## Task item
In this exercise, reproduce the whole listing exactly.

# # # # # # #

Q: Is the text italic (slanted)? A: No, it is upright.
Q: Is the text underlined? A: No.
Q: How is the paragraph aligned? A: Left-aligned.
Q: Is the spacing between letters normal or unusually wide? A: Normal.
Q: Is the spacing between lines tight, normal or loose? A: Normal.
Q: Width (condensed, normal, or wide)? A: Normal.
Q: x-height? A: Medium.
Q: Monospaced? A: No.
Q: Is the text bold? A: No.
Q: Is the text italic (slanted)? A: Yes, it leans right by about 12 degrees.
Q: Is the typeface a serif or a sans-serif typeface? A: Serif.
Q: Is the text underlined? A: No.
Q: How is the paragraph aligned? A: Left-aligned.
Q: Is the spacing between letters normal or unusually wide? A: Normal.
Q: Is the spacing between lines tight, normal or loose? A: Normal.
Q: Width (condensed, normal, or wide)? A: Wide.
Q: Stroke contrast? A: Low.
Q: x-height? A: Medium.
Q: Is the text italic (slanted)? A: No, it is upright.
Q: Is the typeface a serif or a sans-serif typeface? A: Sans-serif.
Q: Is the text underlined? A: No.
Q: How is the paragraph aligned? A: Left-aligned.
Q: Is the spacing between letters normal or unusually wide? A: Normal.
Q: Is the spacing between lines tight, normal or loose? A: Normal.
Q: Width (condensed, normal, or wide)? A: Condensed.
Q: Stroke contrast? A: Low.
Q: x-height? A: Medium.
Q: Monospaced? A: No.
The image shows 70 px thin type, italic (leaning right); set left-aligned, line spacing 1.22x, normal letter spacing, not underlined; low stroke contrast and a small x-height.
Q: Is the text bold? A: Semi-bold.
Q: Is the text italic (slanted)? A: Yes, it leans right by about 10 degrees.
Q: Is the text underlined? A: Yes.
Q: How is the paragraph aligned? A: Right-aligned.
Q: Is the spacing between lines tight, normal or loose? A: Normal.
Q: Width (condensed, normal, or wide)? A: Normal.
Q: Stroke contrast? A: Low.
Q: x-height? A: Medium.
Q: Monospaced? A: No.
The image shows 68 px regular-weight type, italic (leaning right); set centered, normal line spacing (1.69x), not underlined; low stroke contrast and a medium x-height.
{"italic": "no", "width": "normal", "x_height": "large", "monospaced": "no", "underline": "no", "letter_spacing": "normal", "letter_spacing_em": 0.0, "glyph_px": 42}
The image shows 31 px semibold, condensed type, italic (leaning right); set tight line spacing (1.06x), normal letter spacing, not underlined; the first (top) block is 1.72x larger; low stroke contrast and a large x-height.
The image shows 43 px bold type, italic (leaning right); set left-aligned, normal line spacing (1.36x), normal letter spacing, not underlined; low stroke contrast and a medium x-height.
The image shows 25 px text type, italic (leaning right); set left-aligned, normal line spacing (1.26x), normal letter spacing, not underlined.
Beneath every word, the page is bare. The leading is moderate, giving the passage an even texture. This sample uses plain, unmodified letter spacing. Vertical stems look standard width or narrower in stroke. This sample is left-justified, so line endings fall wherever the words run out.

# # # # # # #

## Exercise result
Q: Is the text italic (slanted)? A: No, it is upright.
Q: Is the text underlined? A: No.
Q: How is the paragraph aligned? A: Left-aligned.
Q: Is the spacing between letters normal or unusually wide? A: Normal.
Q: Is the spacing between lines tight, normal or loose? A: Normal.
Q: Width (condensed, normal, or wide)? A: Normal.
Q: x-height? A: Medium.
Q: Monospaced? A: No.
Q: Is the text bold? A: No.
Q: Is the text italic (slanted)? A: Yes, it leans right by about 12 degrees.
Q: Is the typeface a serif or a sans-serif typeface? A: Serif.
Q: Is the text underlined? A: No.
Q: How is the paragraph aligned? A: Left-aligned.
Q: Is the spacing between letters normal or unusually wide? A: Normal.
Q: Is the spacing between lines tight, normal or loose? A: Normal.
Q: Width (condensed, normal, or wide)? A: Wide.
Q: Stroke contrast? A: Low.
Q: x-height? A: Medium.
Q: Is the text italic (slanted)? A: No, it is upright.
Q: Is the typeface a serif or a sans-serif typeface? A: Sans-serif.
Q: Is the text underlined? A: No.
Q: How is the paragraph aligned? A: Left-aligned.
Q: Is the spacing between letters normal or unusually wide? A: Normal.
Q: Is the spacing between lines tight, normal or loose? A: Normal.
Q: Width (condensed, normal, or wide)? A: Condensed.
Q: Stroke contrast? A: Low.
Q: x-height? A: Medium.
Q: Monospaced? A: No.
The image shows 70 px thin type, italic (leaning right); set left-aligned, line spacing 1.22x, normal letter spacing, not underlined; low stroke contrast and a small x-height.
Q: Is the text bold? A: Semi-bold.
Q: Is the text italic (slanted)? A: Yes, it leans right by about 10 degrees.
Q: Is the text underlined? A: Yes.
Q: How is the paragraph aligned? A: Right-aligned.
Q: Is the spacing between lines tight, normal or loose? A: Normal.
Q: Width (condensed, normal, or wide)? A: Normal.
Q: Stroke contrast? A: Low.
Q: x-height? A: Medium.
Q: Monospaced? A: No.
The image shows 68 px regular-weight type, italic (leaning right); set centered, normal line spacing (1.69x), not underlined; low stroke contrast and a medium x-height.
{"italic": "no", "width": "normal", "x_height": "large", "monospaced": "no", "underline": "no", "letter_spacing": "normal", "letter_spacing_em": 0.0, "glyph_px": 42}
The image shows 31 px semibold, condensed type, italic (leaning right); set tight line spacing (1.06x), normal letter spacing, not underlined; the first (top) block is 1.72x larger; low stroke contrast and a large x-height.
The image shows 43 px bold type, italic (leaning right); set left-aligned, normal line spacing (1.36x), normal letter spacing, not underlined; low stroke contrast and a medium x-height.
The image shows 25 px text type, italic (leaning right); set left-aligned, normal line spacing (1.26x), normal letter spacing, not underlined.
Beneath every word, the page is bare. The leading is moderate, giving the passage an even texture. This sample uses plain, unmodified letter spacing. Vertical stems look standard width or narrower in stroke. This sample is left-justified, so line endings fall wherever the words run out.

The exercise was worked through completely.